$70bn IBM wipeout exposes AI hardware-software divide
IBM lost a quarter of its market value after missing quarterly estimates, a crash that highlights how surging corporate spending on AI hardware is starving traditional software vendors of capital.
IBM shares plunged 25% in a $70 billion market value wipeout after the company issued preliminary second-quarter results that fell well short of analyst expectations. The selloff was triggered by a stark warning from management that corporate clients are redirecting their technology budgets away from traditional software and infrastructure.
The company expects second-quarter revenue of $17.2 billion, representing just a 1% increase from a year earlier and missing the consensus estimate of $17.86 billion. Adjusted earnings per share are forecast at $2.93, below the expected $3.02. The miss was broad, with infrastructure revenue falling 7% and software revenue growing 5%—a pace that still disappointed investors reliant on high-margin enterprise products.
Chief Executive Arvind Krishna conceded the company had misread the market. "We faltered," Krishna wrote in a letter to investors, adding that IBM "did not adapt and move quickly enough" as several large deals failed to close.

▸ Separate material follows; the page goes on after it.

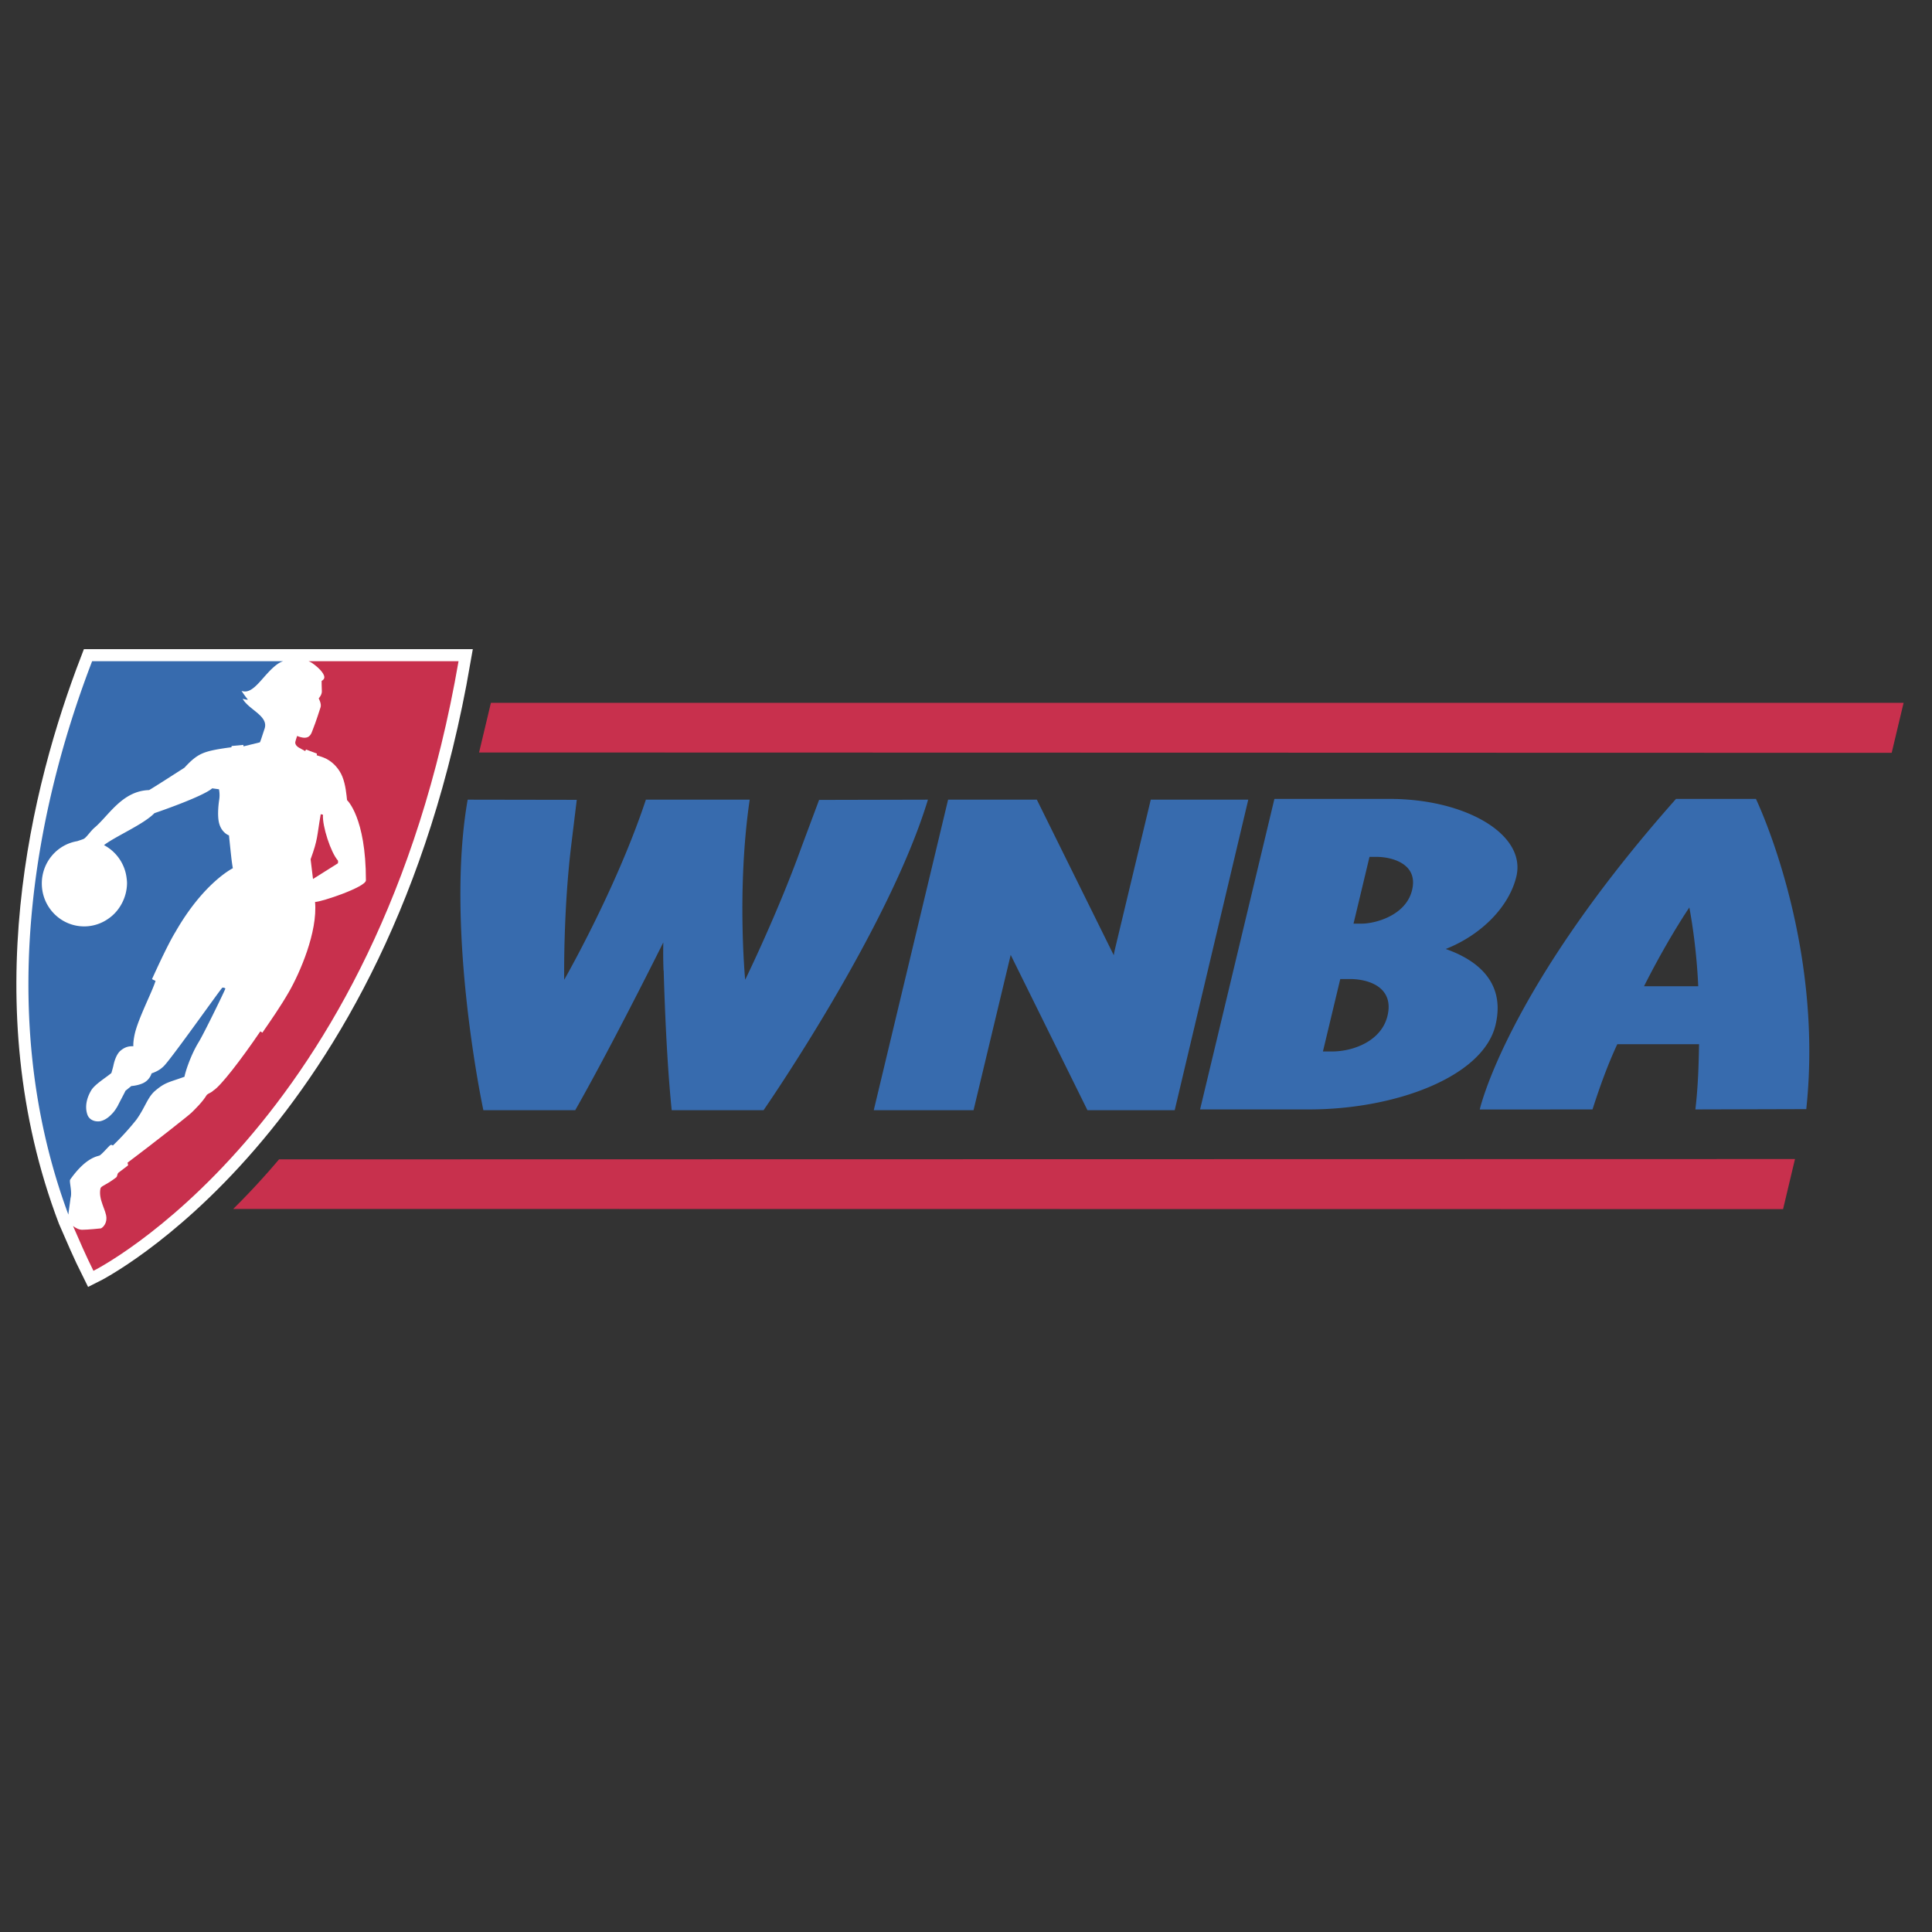 <svg xmlns="http://www.w3.org/2000/svg" width="2500" height="2500" viewBox="0 0 192.756 192.756"><rect x="0" y="0" width="192.756" height="192.756" fill="#333333" stroke="none"/><g fill-rule="evenodd" clip-rule="evenodd"><path fill="#fff" fill-opacity="0" d="M0 0h192.756v192.756H0V0z"/><path fill="#c8304d" d="M48.977 70.124l-1.179 4.951 140.936.035 1.188-4.986H48.977zM27.839 115.67a74.84 74.84 0 0 1-4.572 4.947l154.631.018 1.188-4.996-151.247.031z"/><path d="M127.148 79.708h11.512c7.516 0 13.641 3.511 12.627 7.745-.703 2.943-3.4 5.783-7.045 7.229 2.961 1.033 6.016 3.202 4.965 7.59-1.236 5.164-9.988 8.416-18.604 8.416h-10.871l7.416-30.98zm11.284 21.634c.654-2.736-1.689-3.666-3.797-3.666h-.916l-1.73 7.229h.916c2.107-.001 4.921-1.032 5.527-3.563zm2.453-12.547c.643-2.685-2.141-3.304-3.518-3.304h-.732l-1.594 6.661h.824c1.283-.001 4.403-.776 5.02-3.357zM114.812 79.782l-3.559 14.863a9.256 9.256 0 0 0-.133.658l-7.674-15.521h-8.854l-7.416 30.981h9.955l3.707-15.491 7.656 15.491h8.707l7.34-30.981h-9.729zM175.189 79.708h-7.973c-16.928 19.082-19.582 30.988-19.582 30.988l11.25-.008c.727-2.271 1.533-4.492 2.473-6.506h8.158c-.037 2.066-.098 4.234-.367 6.506l11.064-.031c1.8-16.816-5.023-30.949-5.023-30.949zm-11.164 18.69c1.969-3.911 3.719-6.646 4.322-7.562.08-.11.143-.209.197-.302.279 1.468.736 4.41.889 7.864h-5.408zM81.722 79.807l-1.735 4.647c-2.375 6.619-5.641 13.297-5.641 13.297s-.861-9.037.452-17.97H64.441c-2.963 8.933-8.151 17.97-8.151 17.97s-.106-6.683.688-13.305l.566-4.646-10.884-.018c-2.29 13.012 1.566 30.981 1.566 30.981h9.165c3.2-5.633 7.313-13.779 8.789-16.742a45.839 45.839 0 0 0 .021 2.818l.014-.01c.097 3.385.322 9.268.801 13.934h9.166s12.458-17.97 16.397-30.981l-10.857.025z" fill="#376bae"/><path d="M9.194 65.967C4.346 78.571-1.147 100.23 6.996 121.654c.726 1.666 1.462 3.406 2.328 5.135 0 0 28.349-14.094 36.423-60.822H9.194z" fill="#fff" stroke="#fff" stroke-width="2.4" stroke-miterlimit="2.613"/><path d="M30.783 65.967c.126.049.242.107.342.175.5.337 1.232.98 1.232 1.43 0 .205-.17.301-.269.364 0 0 .002.768.022.999.033.375-.313.744-.313.744s.301.551.185.885c-.066.19-.45 1.439-.781 2.25-.128.317-.253.908-1.036.769-.29-.05-.52-.158-.52-.158-.084.214-.178.582-.178.582s-.105.336.39.605c.119.064.587.322.587.322l.092-.153 1.085.409-.023.165s.636.182.942.34c.775.4 1.33 1.084 1.614 1.783.332.816.416 1.851.471 2.351 0 0 1.882 1.703 1.882 8.003 0 .667-4.404 2.146-5.074 2.157.269 2.997-1.521 7.087-2.615 8.986-.831 1.443-1.75 2.762-2.644 4.057l-.201-.133c-1.935 2.848-3.973 5.475-4.678 5.898-.263.254-.466.256-.67.449-.429.717-1.182 1.43-1.511 1.758-.291.291-3.872 3.107-6.392 4.998.04.133.073.256.039.281-.285.217-.69.531-.941.715-.167.168-.077.355-.245.484-1.041.799-1.501.832-1.554 1.1-.226 1.123.576 2.137.596 2.936.017.664-.446 1.01-.555 1.039 0 0-1.294.137-1.866.137-.319 0-.649-.176-.909-.375.634 1.461 1.287 2.971 2.036 4.471.008-.004 28.354-14.1 36.426-60.822H30.783v-.001z" fill="#c8304d"/><path d="M31.999 81.236c-.403 2.316-.269 2.452-1.009 4.495l.238 1.965 2.488-1.567c.009-.067.025-.212 0-.272-.706-.783-1.578-3.441-1.493-4.575l-.224-.046z" fill="#c8304d"/><path d="M9.333 65.967h-.141C4.381 78.479-1.063 99.912 6.82 121.18c.053-.48.156-1.141.218-1.654.187-.605-.158-1.664-.034-1.84 1.681-2.383 2.874-2.307 2.967-2.424.264-.186.688-.689.974-.961.113-.105.208-.094.314-.01a26.563 26.563 0 0 0 2.343-2.572c.88-1.217 1.112-2.244 1.882-2.895 1.008-.852 1.322-.818 2.924-1.396.042-.334.565-2.07 1.42-3.467.55-.898 2.669-5.264 2.656-5.33-.009-.043-.185-.121-.303-.086-.105.031-5.114 7.129-5.85 7.834-.244.234-.538.477-1.21.715 0 0-.149.609-.784.941-.332.174-.844.293-1.233.318l-.587.475c-.066.164-.559 1.076-.732 1.428-.12.24-.363.613-.56.816s-.604.664-1.244.795c-.618.082-1.091-.203-1.25-.629-.193-.514-.262-1.379.366-2.447.366-.625 1.559-1.33 2.017-1.738 0 0 .155-.525.202-.748.046-.225.242-1.086.713-1.482.54-.451.96-.439 1.278-.441 0 0-.047-.35.118-1.137.328-1.572 1.798-4.363 2.093-5.387-.262-.105-.351-.176-.351-.176.555-1.223 1.641-3.571 2.334-4.696 2.824-4.938 5.731-6.363 5.731-6.363s-.056-.267-.134-.902c-.049-.396-.253-2.373-.253-2.373s-.705-.227-.975-1.181c-.242-.86-.007-2.332-.007-2.332.102-.603-.019-1.09-.019-1.09l-.672-.092c-.975.853-5.764 2.476-5.764 2.476-1.099 1.13-3.841 2.281-5.033 3.189a4.296 4.296 0 0 1 2.266 3.367c.023.17.033.322.032.444-.014 1.392-.733 2.756-1.848 3.518a4.17 4.17 0 0 1-2.429.779c-2.333 0-4.224-1.917-4.224-4.28 0-2.125 1.528-3.887 3.531-4.222.299-.1.548-.18.648-.229.274-.133.684-.783 1.087-1.124 1.404-1.186 2.748-3.663 5.434-3.745.134-.045 3.538-2.238 3.538-2.238.986-1.09 1.576-1.393 2.353-1.618.824-.238 2.324-.415 2.324-.415l.022-.125 1.166-.113.022.147 1.634-.401c.089-.182.308-.892.463-1.348.438-1.284-1.558-1.885-2.184-2.995 0 0 .588.157.504.058a9.24 9.24 0 0 1-.616-.852c1.244.466 2.185-1.726 3.664-2.723a2.13 2.13 0 0 1 .491-.236H9.333z" fill="#376bae"/></g></svg>

The immediate culprit was a late-quarter rush by clients to secure supply-constrained AI infrastructure—specifically servers, memory chips, and storage—ahead of anticipated price hikes.
IBM acknowledged it anticipated some supply-chain disruption, but not the sheer scale of this capital reallocation. The crash carries implications for the broader software sector, which also sold off on the news. It validates a growing fear among investors: the initial phase of the AI boom disproportionately rewards hardware suppliers, while software providers face delayed contracts as enterprises hoard capital for physical data-centre buildouts.
This dynamic underscores how uneven the AI investment cycle currently is, raising fundamental questions about how long traditional technology vendors must wait before AI infrastructure spending cascades into software revenue. A partial rebound in premarket trading suggests some investors viewed Tuesday's 25% drop as an overreaction to a single quarter's misstep. However, IBM must now convince the market that the June shortfall is a temporary timing issue and that its delayed pipeline will close in subsequent quarters.